Defines functions httkpop_direct_resample

Documented in httkpop_direct_resample

#' Generate a virtual population by directly resampling the NHANES data.
#' 
#' Generate a virtual population by directly resampling the NHANES data.
#' 
#' 
#' @param nsamp The desired number of individuals in the virtual population.
#' \code{nsamp} need not be provided if \code{gendernum} is provided.

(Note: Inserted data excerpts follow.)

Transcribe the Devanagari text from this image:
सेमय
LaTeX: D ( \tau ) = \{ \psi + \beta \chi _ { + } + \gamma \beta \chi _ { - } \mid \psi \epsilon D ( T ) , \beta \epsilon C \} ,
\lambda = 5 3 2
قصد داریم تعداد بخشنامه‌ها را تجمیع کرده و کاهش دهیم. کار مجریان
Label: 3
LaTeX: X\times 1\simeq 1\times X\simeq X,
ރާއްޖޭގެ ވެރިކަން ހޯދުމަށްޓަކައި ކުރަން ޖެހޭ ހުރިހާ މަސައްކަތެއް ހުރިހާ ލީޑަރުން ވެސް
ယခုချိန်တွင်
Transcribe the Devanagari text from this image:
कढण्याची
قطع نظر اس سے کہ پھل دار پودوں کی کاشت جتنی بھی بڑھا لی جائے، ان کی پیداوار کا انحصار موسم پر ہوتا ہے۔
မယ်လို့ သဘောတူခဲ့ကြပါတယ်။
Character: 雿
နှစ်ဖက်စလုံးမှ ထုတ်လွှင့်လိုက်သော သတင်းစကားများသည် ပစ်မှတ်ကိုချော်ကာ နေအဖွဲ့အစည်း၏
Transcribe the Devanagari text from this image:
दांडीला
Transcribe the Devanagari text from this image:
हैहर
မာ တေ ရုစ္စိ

#' @param gendernum Optional: A named list giving the numbers of male and
#' female individuals to include in the population, e.g. \code{list(Male=100,
#' Female=100)}. Default is NULL, meaning both males and females are included,
#' in their proportions in the NHANES data. If both \code{nsamp} and
#' \code{gendernum} are provided, they must agree (i.e., \code{nsamp} must be
#' the sum of \code{gendernum}).
#' @param agelim_years Optional: A two-element numeric vector giving the
#' minimum and maximum ages (in years) to include in the population. Default is
#' c(0,79). If \code{agelim_years} is provided and \code{agelim_months} is not,
#' \code{agelim_years} will override the default value of \code{agelim_months}.

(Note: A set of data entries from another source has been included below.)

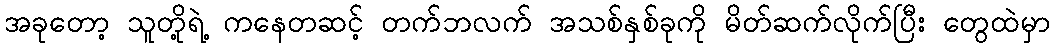
အခုတော့ သူတို့ရဲ့ ကနေတဆင့် တက်ဘလက် အသစ်နှစ်ခုကို မိတ်ဆက်လိုက်ပြီး တွေထဲမှာ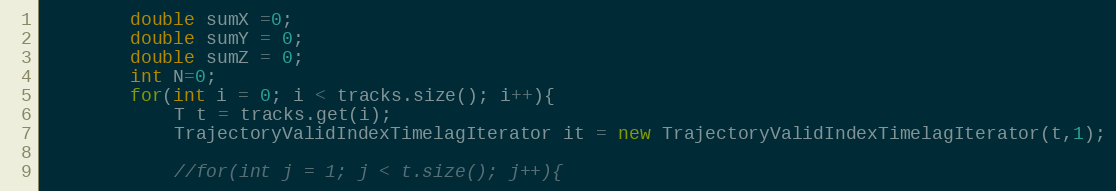
Language: Java
		double sumX =0;
		double sumY = 0;
		double sumZ = 0;
		int N=0;
		for(int i = 0; i < tracks.size(); i++){
			T t = tracks.get(i);
			TrajectoryValidIndexTimelagIterator it = new TrajectoryValidIndexTimelagIterator(t,1);

			//for(int j = 1; j < t.size(); j++){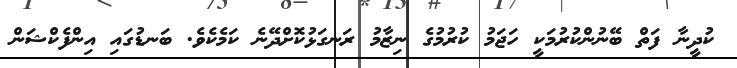
ކުދީނާ ފަތް ބޭނުންކުރުމަކީ ހަޖަމު ކުރުމުގެ ނިޒާމު ރަނގަޅުކޮށްދޭނެ ކަމެކެވެ. ބަނޑުގައި އިންފެކްޝަން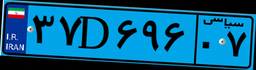
۵۸D۵۹۵۹۹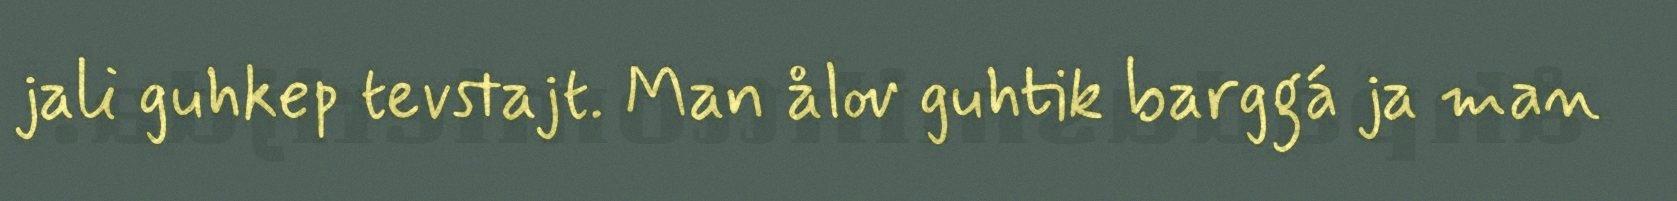
jali guhkep tevstajt. Man ålov guhtik barggá ja man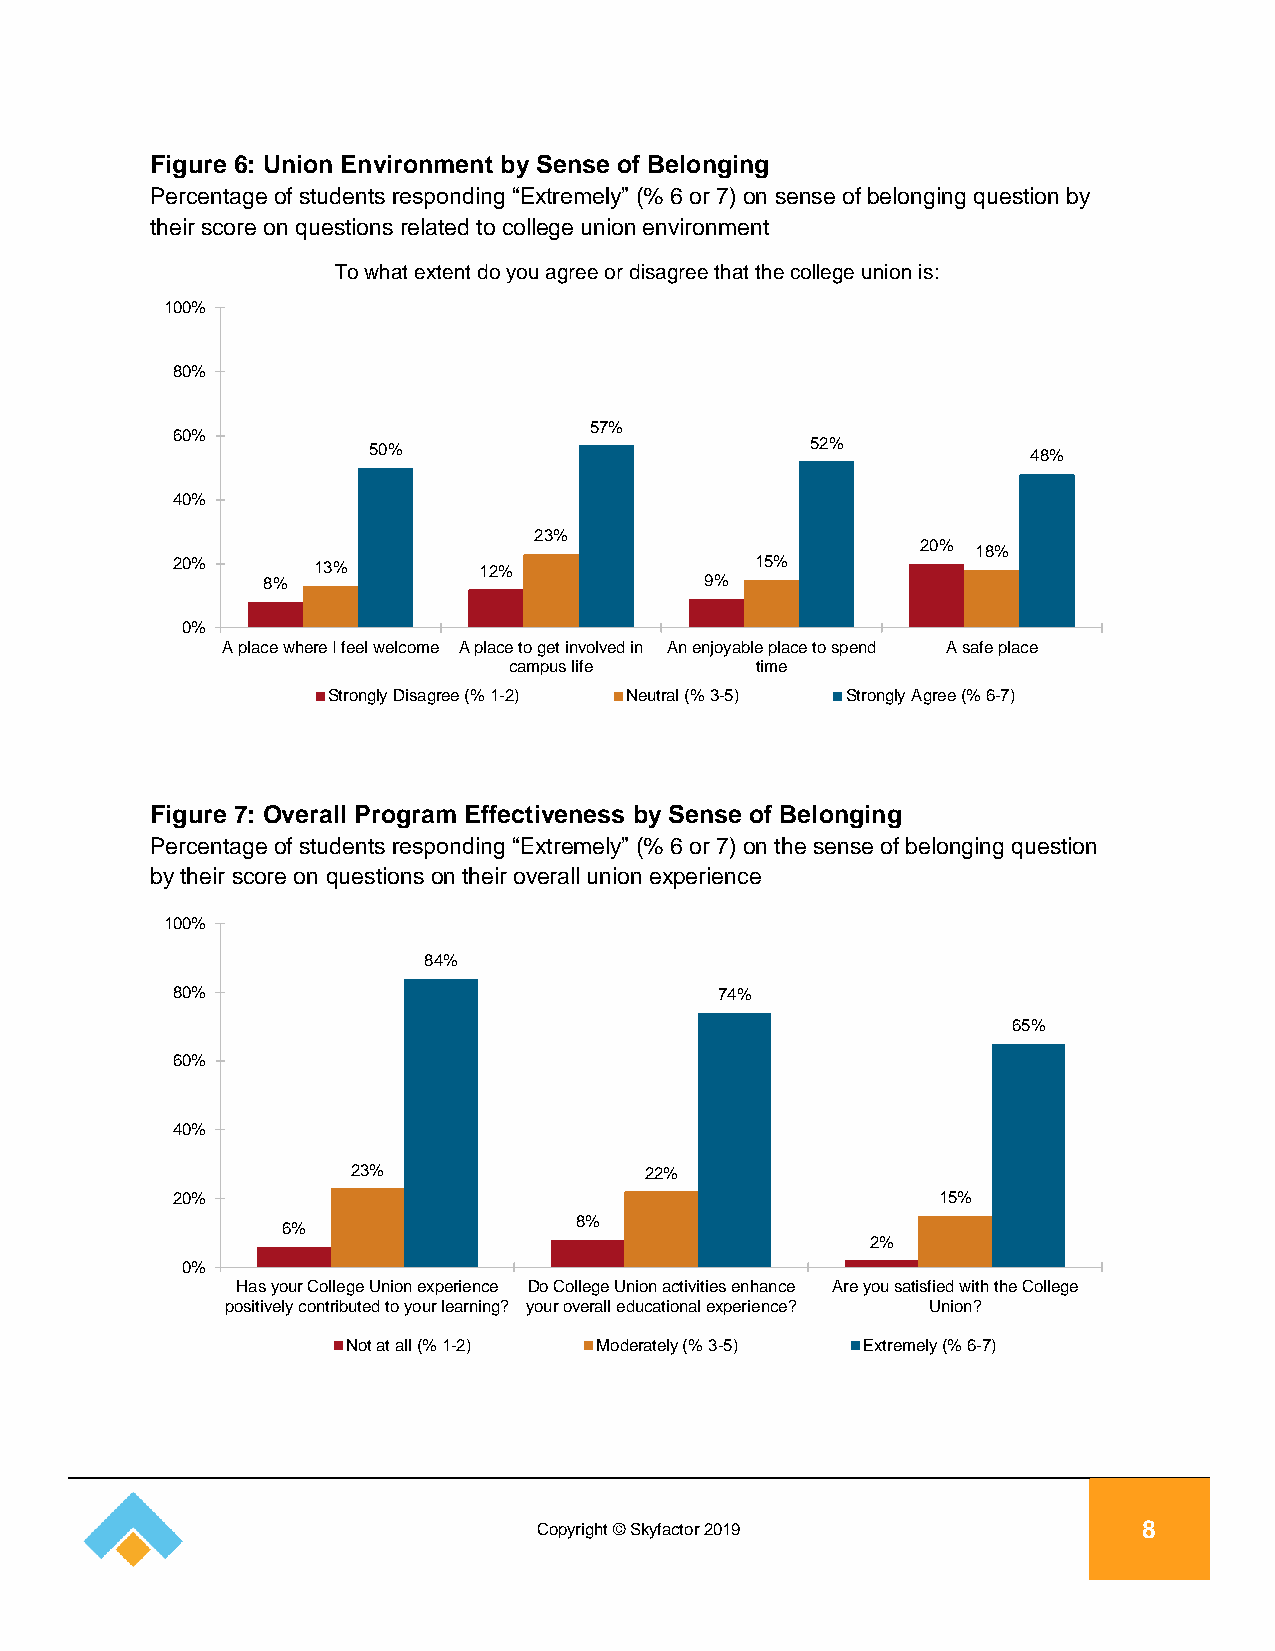
Figure 6: Union Environment by Sense of Belonging
 Percentage of students responding “Extremely” (% 6 or 7) on sense of belonging question by
 their score on questions related to college union environment
 To what extent do you agree or disagree that the college union is:
 100%
 80%
 57%
 60%
 52%
 50%
 48%
 40%
 23%
 20%
 18%
 20%       13%        12%               15%
 8%                            9%
 0%
 A place where I feel welcome A place to get involved in An enjoyable place to spend A safe place
 campus life     time
 Strongly Disagree (% 1-2) Neutral (% 3-5) Strongly Agree (% 6-7)
 Figure 7: Overall Program Effectiveness by Sense of Belonging
 Percentage of students responding “Extremely” (% 6 or 7) on the sense of belonging question
 by their score on questions on their overall union experience
 100%
 84%
 80%                                  74%
 65%
 60%
 40%
 23%                 22%
 20%                                                15%
 8%
 6%
 2%
 0%
 Has your College Union experience Do College Union activities enhance Are you satisfied with the College
 positively contributed to your learning? your overall educational experience? Union?
 Not at all (% 1-2) Moderately (% 3-5) Extremely (% 6-7)
 Copyright © Skyfactor 2019              8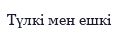
Түлкі мен ешкі

#' @param agelim_months Optional: A two-element numeric vector giving the
#' minimum and maximum ages (in months) to include in the population. Default
#' is c(0, 959), equivalent to the default \code{agelim_years}. If
#' \code{agelim_months} is provided and \code{agelim_years} is not,
#' agelim_months will override the default values of \code{agelim_years}.
#' @param weight_category Optional: The weight categories to include in the
#' population. Default is \code{c('Underweight', 'Normal', 'Overweight',
#' 'Obese')}. User-supplied vector must contain one or more of these strings.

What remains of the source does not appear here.